Uit de bevragingen komen drie aandachtspunten naar voor. Zo blijkt het vinden van een evenwicht tussen privacy en verbondenheid van belang te zijn. Vluchtelingen hopen een netwerk te kunnen uitbouwen in de nieuwe maatschappij. Dit geeft immers het gevoel erbij te horen en het verzacht het gemis aan familieleden en vrienden. Een woonomgeving die sociale contacten ondersteunt is dan ook gewenst. Wel wordt een private woning verkozen boven een cohousing model vermits dergelijke woning bijdraagt tot een gevoel van rust, veiligheid en mentale en materiële controle. Sociale contacten in de woning blijven bovendien mogelijk, namelijk door bezoek uit te nodigen. Ook spelen de relaties binnen het gezin een belangrijke rol. Op architecturaal vlak vertaalt zich dit in de wens naar mogelijkheden om bezoek te ontvangen en een aangename leefruimte. 

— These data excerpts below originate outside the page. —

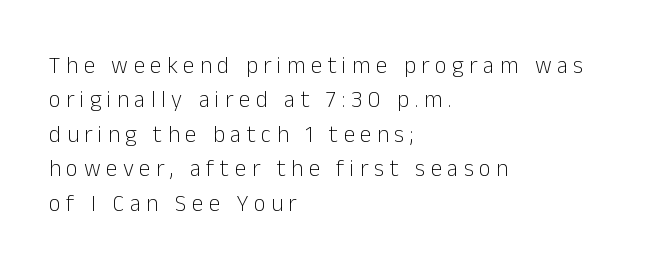
The image shows 23 px text type, upright; set left-aligned, normal line spacing (1.5x), unusually wide letter spacing (+0.24 em), not underlined.
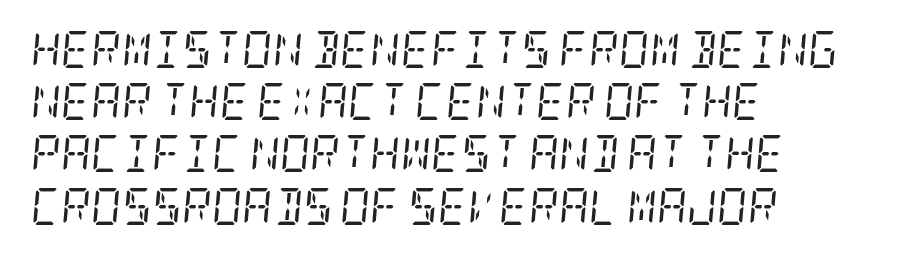
Q: Is the text bold? A: No.
Q: Is the text italic (slanted)? A: Yes, it leans right by about 5 degrees.
Q: Is the typeface a serif or a sans-serif typeface? A: Serif.
Q: Is the text underlined? A: No.
Q: How is the paragraph aligned? A: Left-aligned.
Q: Is the spacing between letters normal or unusually wide? A: Normal.
Q: Is the spacing between lines tight, normal or loose? A: Normal.
Q: Width (condensed, normal, or wide)? A: Condensed.
Q: Stroke contrast? A: Low.
Q: x-height? A: Large.

Waar kan ik mij nog thuis voelen? (…) dat gaat niet in een instelling. Dat vind je niet ergens waar dat mensen betaald worden om voor jou te zorgen. Dat vind je alleen maar tussen mensen die er oprecht zijn en willen samenleven. Dat is die verbondenheid tot in uw vezel, waardat je gemist wordt als je er niet bent.”

Figuur 1: Probe Nesrine: De leefruimte is voor haar de belangrijkste ruimte van de woning.

 

Een tweede aspect is het vinden van een evenwicht tussen culturele aanpassing en het behoud van de eigen cultuur. De bestudeerde initiatieven zijn, meestal onbewust, ontwikkeld in een westerse bouwstijl. Hierdoor merken vluchtelingen verschillen op met de stijl gangbaar in hun herkomstland. Ondanks de esthetische voorkeur voor de eigen stijl worden deze verschillen geaccepteerd omwille van het klimaat, bijvoorbeeld de grotere hoeveelheid regen. Aanpassingen op vlak van levensstijl en waarden die met woningen verbonden zijn, bijvoorbeeld ecologisch wonen, blijken echter moeilijker te verlopen. In de literatuur spreekt men in dit verband over ‘acculturatiestress’, dit is stress die mensen kunnen ervaren wanneer ze geconfronteerd worden met andere culturele waarden en praktijken en zich hieraan aanpassen. Om de westerse woning als een thuis te laten aanvoelen ondernemen vluchtelingen allerlei acties. 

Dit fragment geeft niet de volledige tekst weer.